--- PROBLEM REQUIREMENTS ---
Return verbatim the portion of the material below that starts at the line containing "share of the ground: > 75 %" and ends at its last line.

--- INFORMATION GIVEN ---
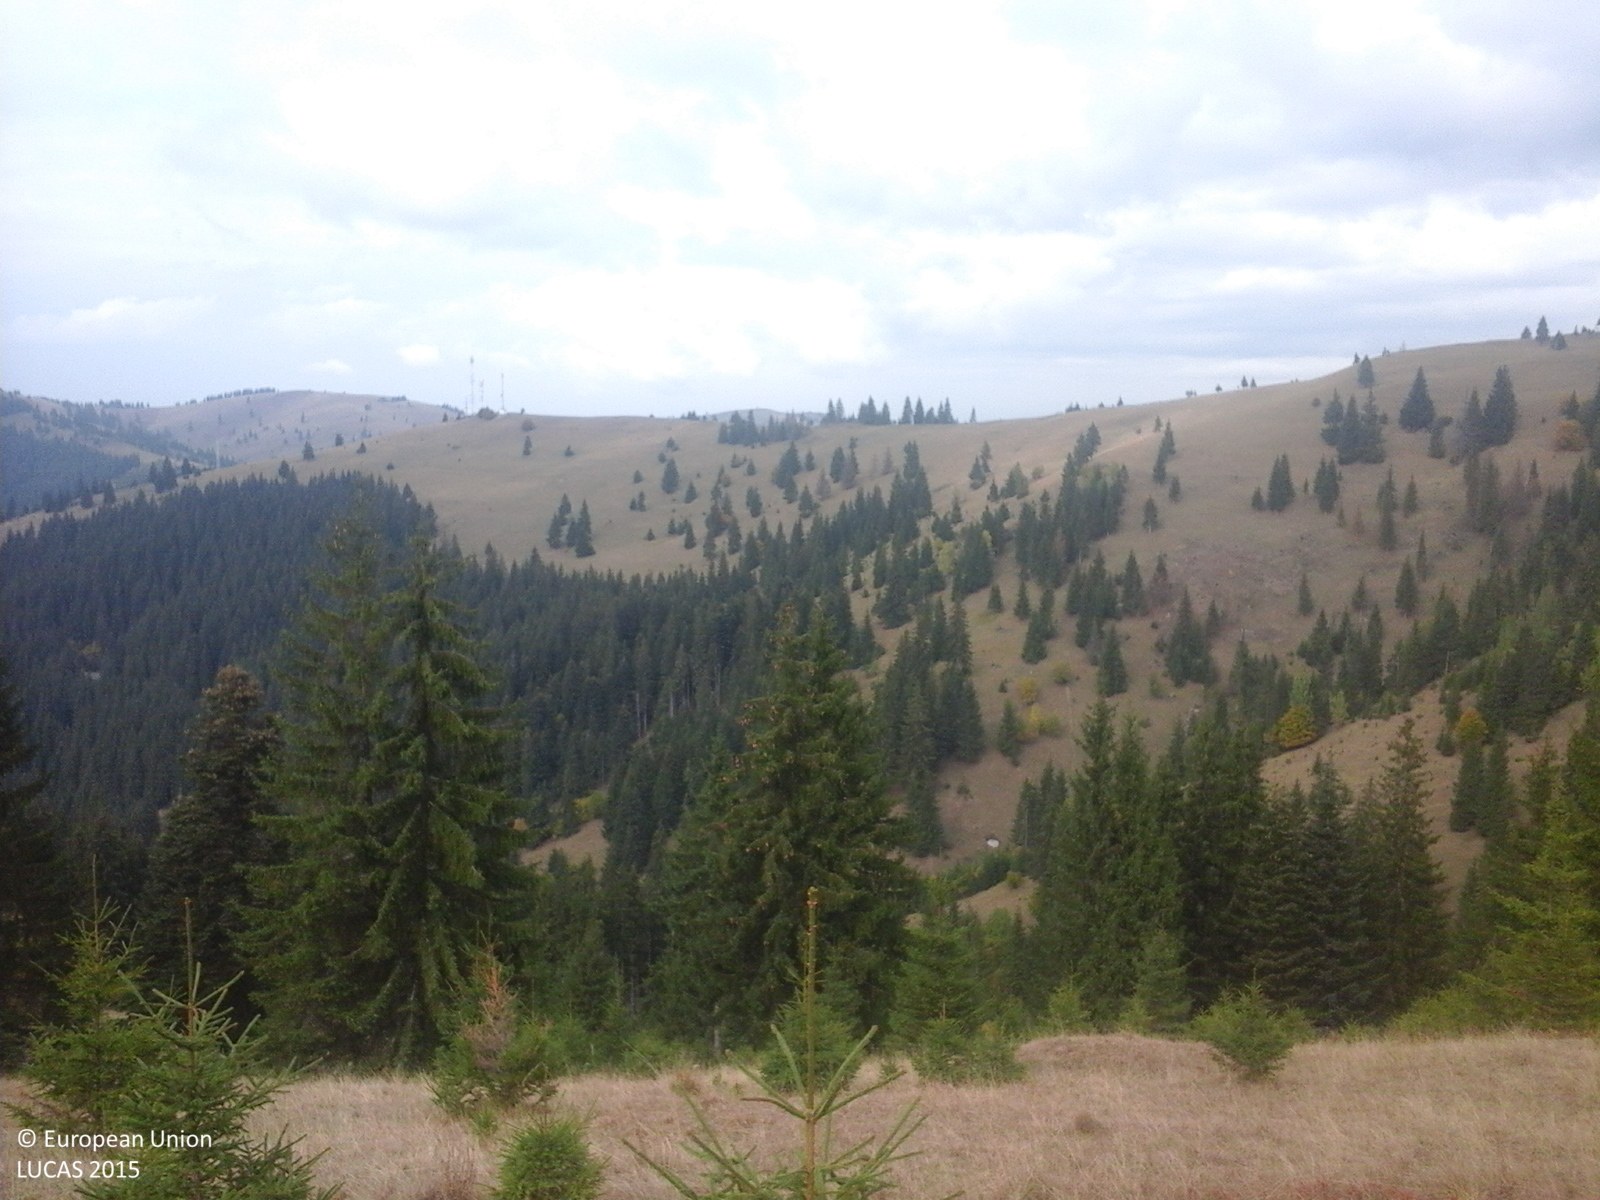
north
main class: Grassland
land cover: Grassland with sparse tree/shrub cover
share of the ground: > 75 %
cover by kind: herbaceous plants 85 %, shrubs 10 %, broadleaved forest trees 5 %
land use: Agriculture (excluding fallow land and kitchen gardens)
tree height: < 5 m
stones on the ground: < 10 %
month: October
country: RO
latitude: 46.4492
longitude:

--- ANSWER SPACE ---
share of the ground: > 75 %
cover by kind: herbaceous plants 85 %, shrubs 10 %, broadleaved forest trees 5 %
land use: Agriculture (excluding fallow land and kitchen gardens)
tree height: < 5 m
stones on the ground: < 10 %
month: October
country: RO
latitude: 46.4492
longitude:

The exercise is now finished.